** Data listing follows **

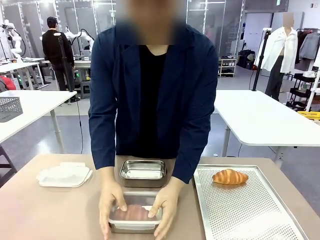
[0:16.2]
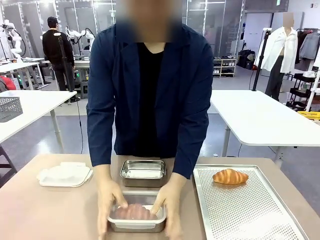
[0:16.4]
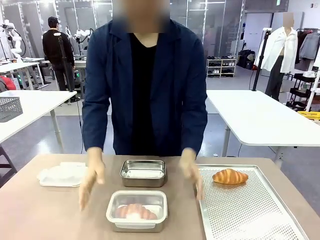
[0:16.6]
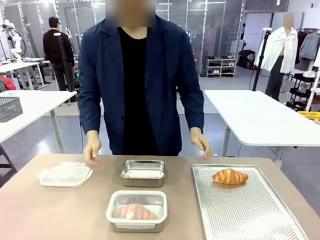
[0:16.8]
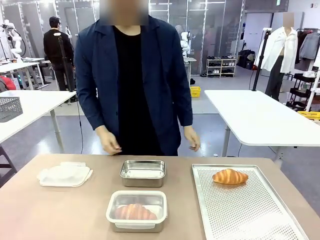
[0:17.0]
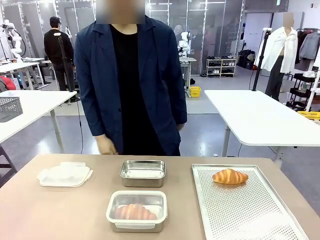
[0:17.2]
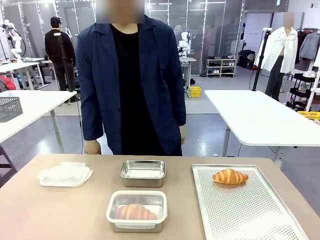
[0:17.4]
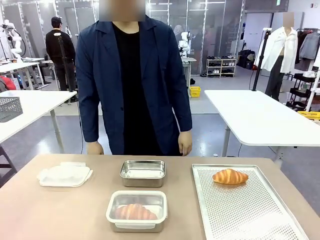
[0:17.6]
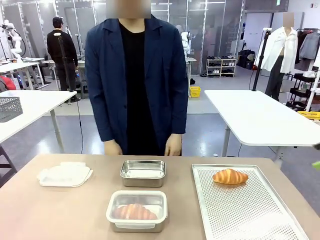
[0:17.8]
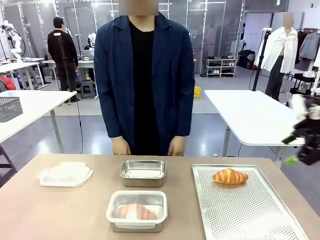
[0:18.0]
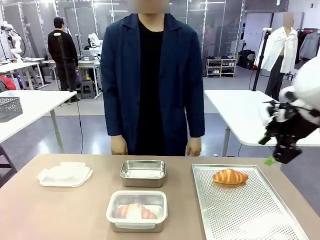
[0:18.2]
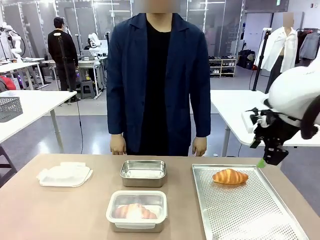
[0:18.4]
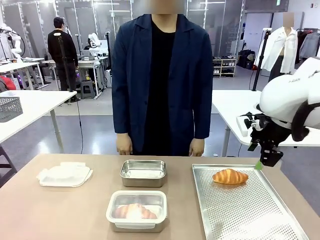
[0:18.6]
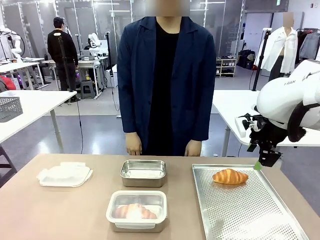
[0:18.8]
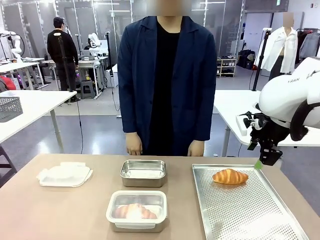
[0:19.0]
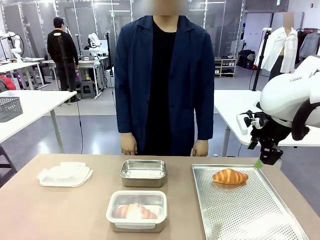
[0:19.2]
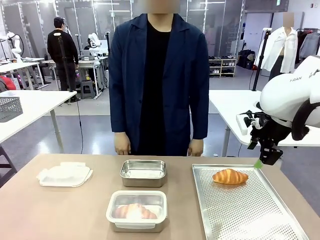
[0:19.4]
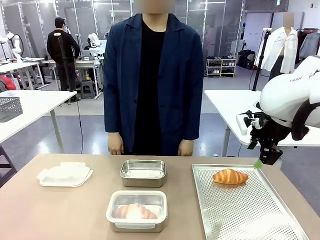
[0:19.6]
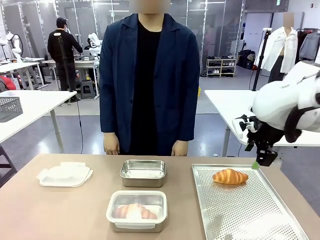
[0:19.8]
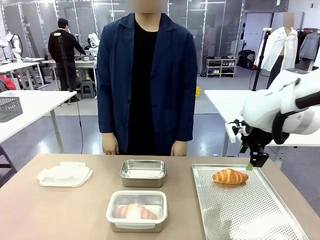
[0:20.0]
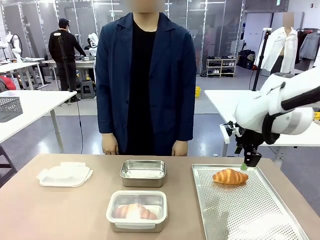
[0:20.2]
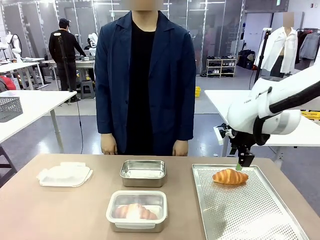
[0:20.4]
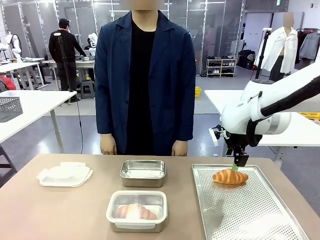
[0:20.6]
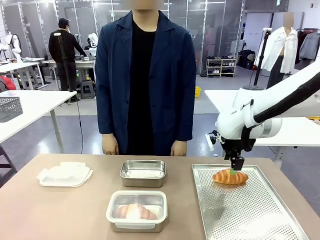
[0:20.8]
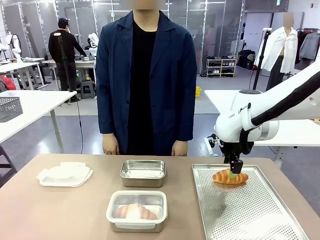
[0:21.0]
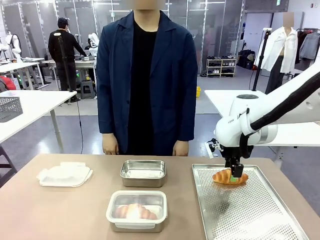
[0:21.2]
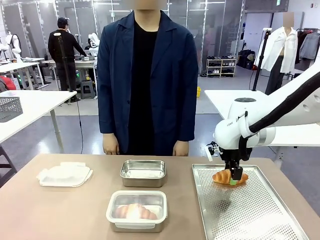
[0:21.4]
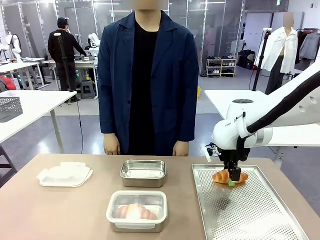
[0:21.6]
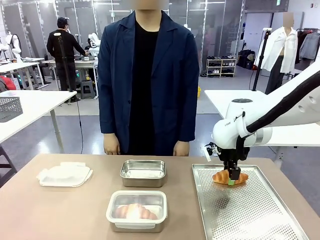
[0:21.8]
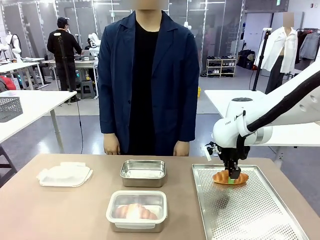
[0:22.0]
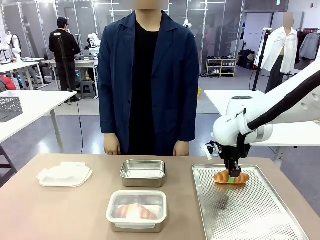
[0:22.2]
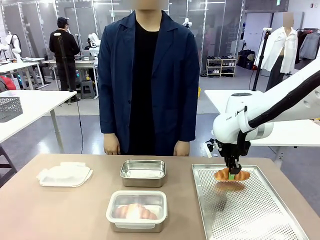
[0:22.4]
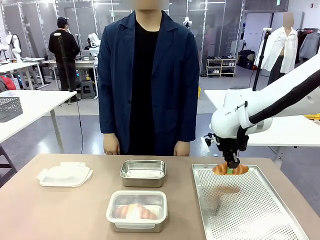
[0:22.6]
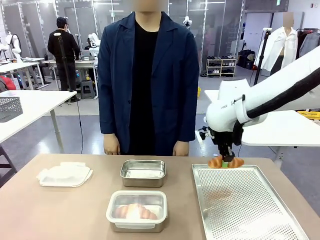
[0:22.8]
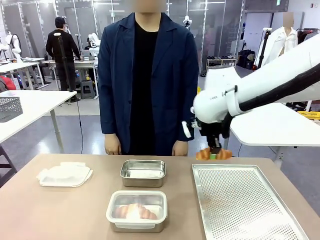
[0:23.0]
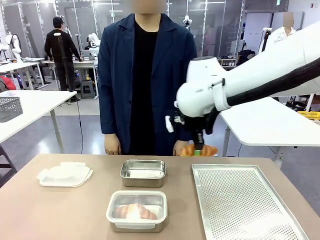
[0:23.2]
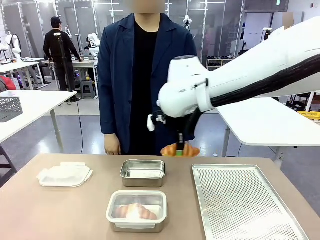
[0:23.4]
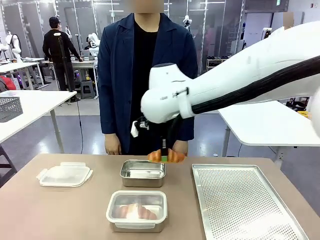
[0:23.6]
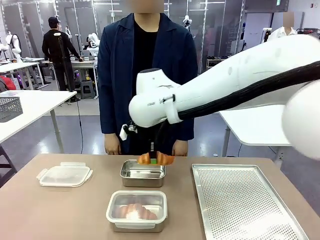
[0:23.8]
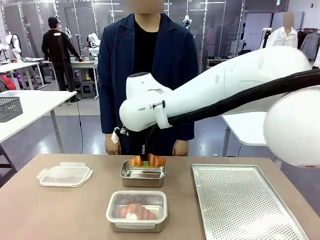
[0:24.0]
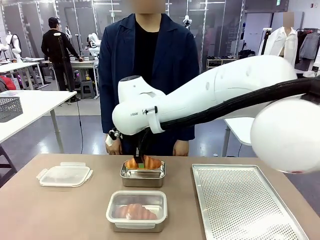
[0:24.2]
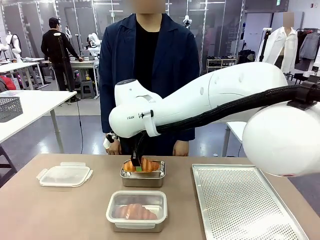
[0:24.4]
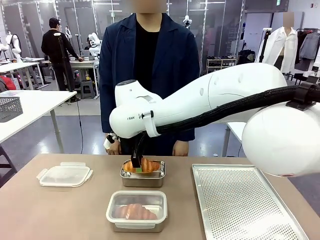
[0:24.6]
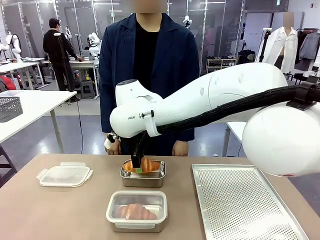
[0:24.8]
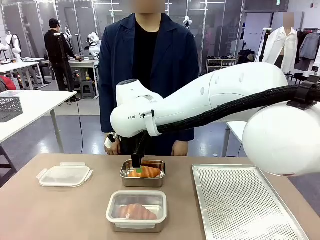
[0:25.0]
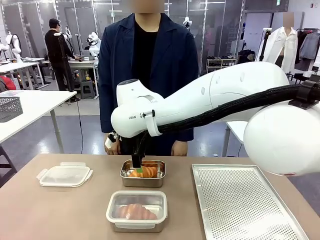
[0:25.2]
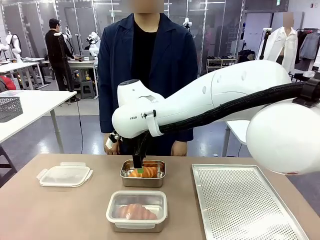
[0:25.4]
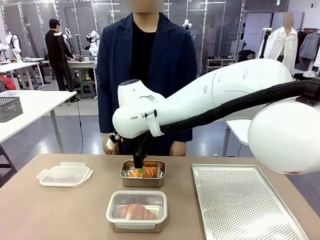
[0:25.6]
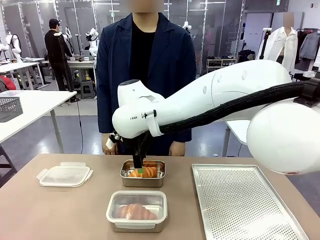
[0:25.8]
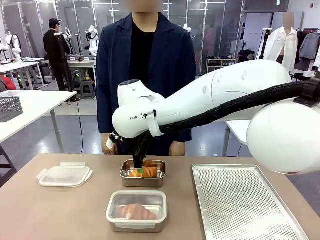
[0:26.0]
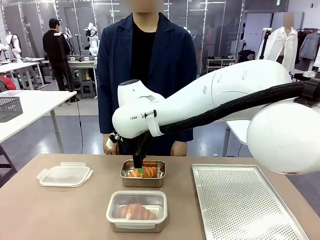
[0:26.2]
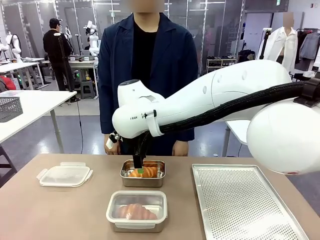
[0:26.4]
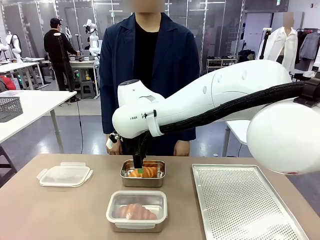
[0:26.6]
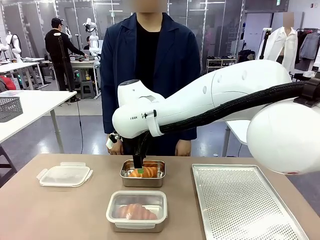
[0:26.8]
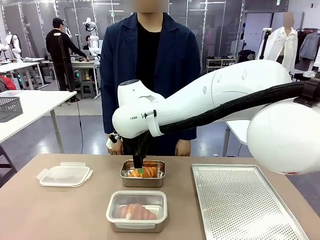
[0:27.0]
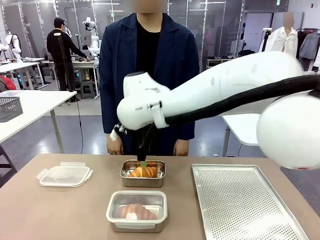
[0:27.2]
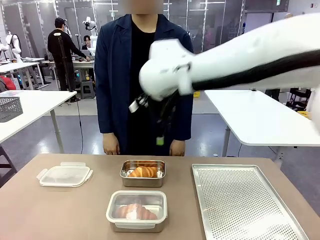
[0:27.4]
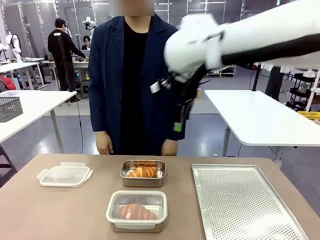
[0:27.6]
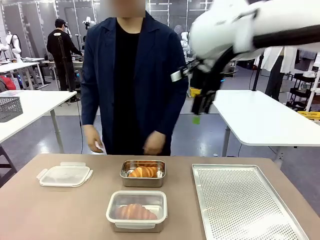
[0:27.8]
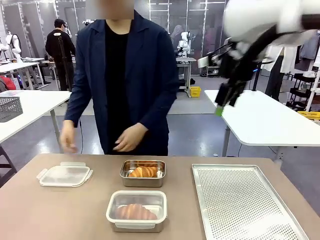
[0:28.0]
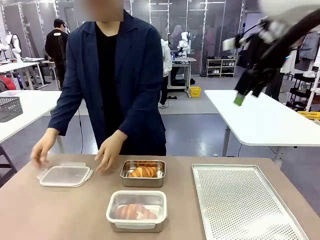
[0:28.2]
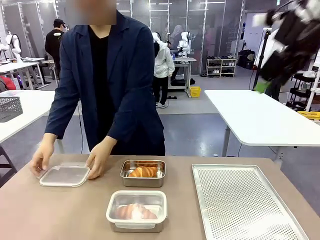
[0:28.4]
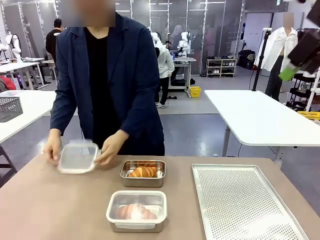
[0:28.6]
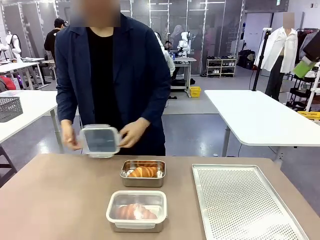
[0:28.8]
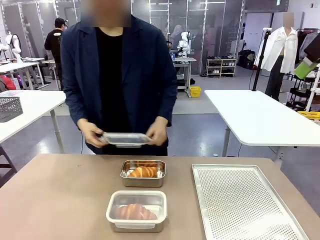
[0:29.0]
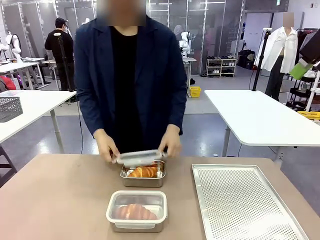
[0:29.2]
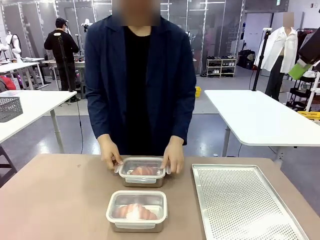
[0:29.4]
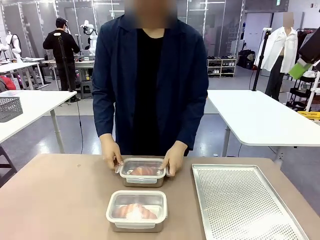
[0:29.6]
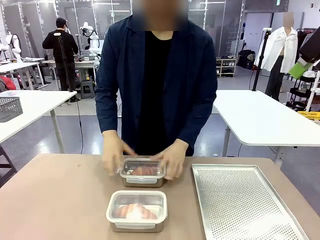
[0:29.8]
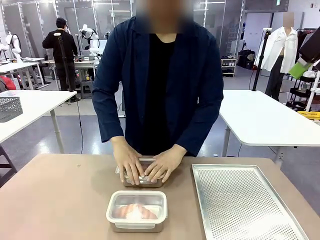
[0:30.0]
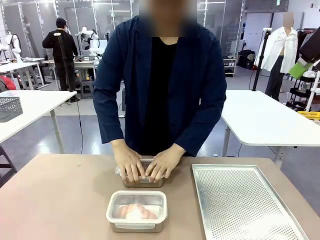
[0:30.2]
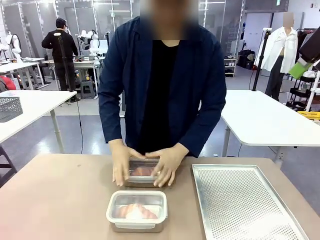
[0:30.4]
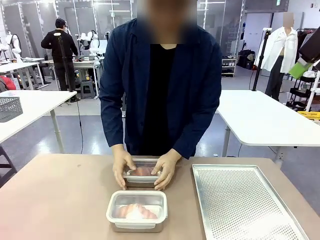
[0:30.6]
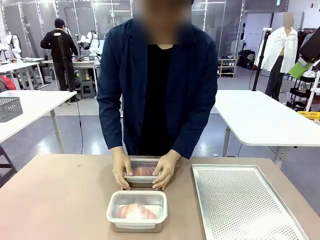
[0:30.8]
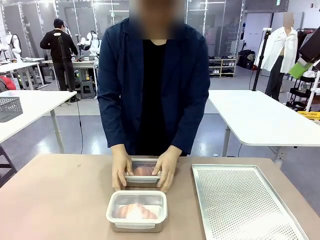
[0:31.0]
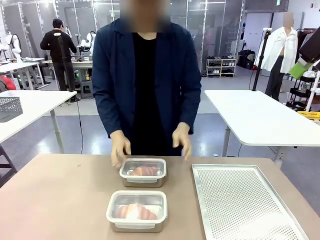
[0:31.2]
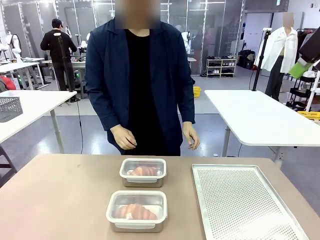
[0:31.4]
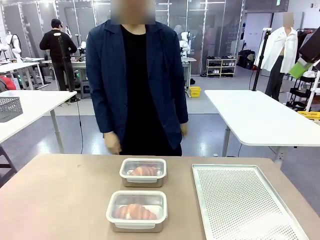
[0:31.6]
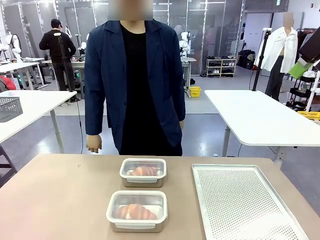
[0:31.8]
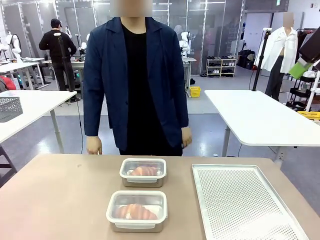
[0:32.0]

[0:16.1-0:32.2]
Task: Place the bread into the airtight container.
Robot: Pick up a Butter Roll and place it into an empty Airtight Container.

** End of Data listing **

**Assignment:** Output the entries verbatim but drop the images.

**Exercise response:**
[0:16.2]
[0:16.4]
[0:16.6]
[0:16.8]
[0:17.0]
[0:17.2]
[0:17.4]
[0:17.6]
[0:17.8]
[0:18.0]
[0:18.2]
[0:18.4]
[0:18.6]
[0:18.8]
[0:19.0]
[0:19.2]
[0:19.4]
[0:19.6]
[0:19.8]
[0:20.0]
[0:20.2]
[0:20.4]
[0:20.6]
[0:20.8]
[0:21.0]
[0:21.2]
[0:21.4]
[0:21.6]
[0:21.8]
[0:22.0]
[0:22.2]
[0:22.4]
[0:22.6]
[0:22.8]
[0:23.0]
[0:23.2]
[0:23.4]
[0:23.6]
[0:23.8]
[0:24.0]
[0:24.2]
[0:24.4]
[0:24.6]
[0:24.8]
[0:25.0]
[0:25.2]
[0:25.4]
[0:25.6]
[0:25.8]
[0:26.0]
[0:26.2]
[0:26.4]
[0:26.6]
[0:26.8]
[0:27.0]
[0:27.2]
[0:27.4]
[0:27.6]
[0:27.8]
[0:28.0]
[0:28.2]
[0:28.4]
[0:28.6]
[0:28.8]
[0:29.0]
[0:29.2]
[0:29.4]
[0:29.6]
[0:29.8]
[0:30.0]
[0:30.2]
[0:30.4]
[0:30.6]
[0:30.8]
[0:31.0]
[0:31.2]
[0:31.4]
[0:31.6]
[0:31.8]
[0:32.0]

[0:16.1-0:32.2]
Task: Place the bread into the airtight container.
Robot: Pick up a Butter Roll and place it into an empty Airtight Container.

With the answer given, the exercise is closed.